In the unusual category are REGN1908-1909 and REGN5713-5715, which are for allergies to cats and to birch. While I do not think very much can be charged for an allergy medicine, the numbers of people who might get prescriptions is a large multiplier. They are in Phase 3 trials. If FDA approval is gained, I expect other targets will get pushed through the pipeline. At the other end of the price and severity spectrum we have fianlimab, a LAG-3 antibody for treating first-line metastatic melanoma, also in Phase 3.

In Phase 2, going outside the antibody box, Regeneron has cemdisiran, a C5-targetting RNAi potential therapy for immunoglobin A nephropathy. Evinacumab is an antibody for possible prevention of acute pancreatitis. Among the Phase 2 cancer therapies is REGN5458, a BCMA X CD3 antibody targeting multiple myeloma.

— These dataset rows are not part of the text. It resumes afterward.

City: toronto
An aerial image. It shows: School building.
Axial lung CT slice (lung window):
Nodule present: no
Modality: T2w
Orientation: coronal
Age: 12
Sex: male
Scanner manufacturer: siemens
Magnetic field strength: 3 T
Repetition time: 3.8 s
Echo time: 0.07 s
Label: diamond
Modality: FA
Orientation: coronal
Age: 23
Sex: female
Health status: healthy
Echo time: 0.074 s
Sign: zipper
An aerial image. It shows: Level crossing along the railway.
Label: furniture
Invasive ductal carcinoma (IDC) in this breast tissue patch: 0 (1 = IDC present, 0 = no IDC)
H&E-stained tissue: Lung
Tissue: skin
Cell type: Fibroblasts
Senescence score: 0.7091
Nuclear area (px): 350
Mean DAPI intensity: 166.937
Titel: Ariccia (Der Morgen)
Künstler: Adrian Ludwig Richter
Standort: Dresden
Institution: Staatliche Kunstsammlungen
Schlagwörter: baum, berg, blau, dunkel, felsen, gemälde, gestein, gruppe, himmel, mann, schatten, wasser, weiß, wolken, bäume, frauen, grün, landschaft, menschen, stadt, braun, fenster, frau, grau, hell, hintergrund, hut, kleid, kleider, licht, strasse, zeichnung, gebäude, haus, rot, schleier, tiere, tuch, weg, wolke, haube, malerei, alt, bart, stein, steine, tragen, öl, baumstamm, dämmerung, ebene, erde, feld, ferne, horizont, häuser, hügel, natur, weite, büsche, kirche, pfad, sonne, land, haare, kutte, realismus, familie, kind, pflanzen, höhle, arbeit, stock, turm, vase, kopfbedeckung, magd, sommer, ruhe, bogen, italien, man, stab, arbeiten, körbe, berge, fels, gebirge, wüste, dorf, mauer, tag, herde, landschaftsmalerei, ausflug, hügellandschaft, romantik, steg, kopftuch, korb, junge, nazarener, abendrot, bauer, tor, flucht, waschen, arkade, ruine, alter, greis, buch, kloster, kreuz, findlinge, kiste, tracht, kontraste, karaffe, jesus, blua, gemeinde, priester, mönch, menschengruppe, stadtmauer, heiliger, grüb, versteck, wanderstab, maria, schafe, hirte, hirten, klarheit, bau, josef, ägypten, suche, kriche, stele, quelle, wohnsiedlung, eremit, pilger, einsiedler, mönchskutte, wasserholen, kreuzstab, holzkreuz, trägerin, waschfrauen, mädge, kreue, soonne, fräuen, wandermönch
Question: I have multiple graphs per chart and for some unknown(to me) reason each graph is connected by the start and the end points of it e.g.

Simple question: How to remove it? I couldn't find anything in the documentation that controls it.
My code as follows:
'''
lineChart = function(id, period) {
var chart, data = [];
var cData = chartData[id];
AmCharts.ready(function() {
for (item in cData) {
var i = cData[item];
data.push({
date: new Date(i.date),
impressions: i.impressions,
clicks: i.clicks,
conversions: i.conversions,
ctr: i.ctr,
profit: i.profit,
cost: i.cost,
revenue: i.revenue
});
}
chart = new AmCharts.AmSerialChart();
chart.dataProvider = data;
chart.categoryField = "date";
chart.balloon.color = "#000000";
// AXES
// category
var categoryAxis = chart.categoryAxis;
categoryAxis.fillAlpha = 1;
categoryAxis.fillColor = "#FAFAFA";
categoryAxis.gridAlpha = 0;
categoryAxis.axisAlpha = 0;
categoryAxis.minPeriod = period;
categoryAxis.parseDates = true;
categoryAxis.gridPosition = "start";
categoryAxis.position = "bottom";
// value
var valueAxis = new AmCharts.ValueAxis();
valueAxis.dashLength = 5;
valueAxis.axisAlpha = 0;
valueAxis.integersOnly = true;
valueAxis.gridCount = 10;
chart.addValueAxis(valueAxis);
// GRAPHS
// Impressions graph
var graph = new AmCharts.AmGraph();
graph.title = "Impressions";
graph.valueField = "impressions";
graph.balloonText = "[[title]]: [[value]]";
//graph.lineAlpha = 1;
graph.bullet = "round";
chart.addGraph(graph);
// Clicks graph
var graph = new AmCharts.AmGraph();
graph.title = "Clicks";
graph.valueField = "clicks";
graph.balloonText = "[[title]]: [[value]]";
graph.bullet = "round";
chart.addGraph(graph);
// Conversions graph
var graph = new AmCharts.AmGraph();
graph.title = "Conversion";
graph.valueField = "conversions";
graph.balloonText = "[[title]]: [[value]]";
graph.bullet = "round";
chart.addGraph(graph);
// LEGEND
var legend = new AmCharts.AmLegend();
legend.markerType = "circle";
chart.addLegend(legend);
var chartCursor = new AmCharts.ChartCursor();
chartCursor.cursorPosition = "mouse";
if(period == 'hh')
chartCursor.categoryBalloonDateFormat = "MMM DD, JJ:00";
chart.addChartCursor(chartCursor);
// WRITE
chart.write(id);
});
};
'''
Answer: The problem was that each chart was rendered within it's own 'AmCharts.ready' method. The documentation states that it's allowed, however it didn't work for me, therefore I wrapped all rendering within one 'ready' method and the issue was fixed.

The takeaway is that, with a proven track record and many shots at FDA approval in a wide variety of diseases, revenue from newly approved drugs is likely to grow over time.

Conclusion

I think the safe course is to assume that Eylea revenue will be eroded to a large extent by the end of the decade. I also would plan on Regen-Cov revenue to wind down over time. Despite that, I am optimistic for the long run. Approved and pipeline drugs will likely eventually surpass current levels. That leaves the question of whether today’s stock price is a good entry point. It closed on July 15 at $607.54 per share. That is a bit south of midrange for the past year, which has seen a 52-week low of $538.18 and 52-week high of $747.42. Currently the forward P/E (price-to-earnings) ratio is 13.96. That is a return on capital of 7%. With so many unknowns going forward, despite potential upside, that return is lower than I like to pursue. On the plus side is the cash balance. I will be listening in and taking notes on the Q2 conference on August 3 for anything that might tip me in one direction or another. But given the decline in biotechnology stocks this last year, there are a large number of them that are more clearly undervalued, so I am neutral on Regeneron. I could buy some if the price dipped or a pipeline event gave me more confidence in its profitability between 2025 and 2030.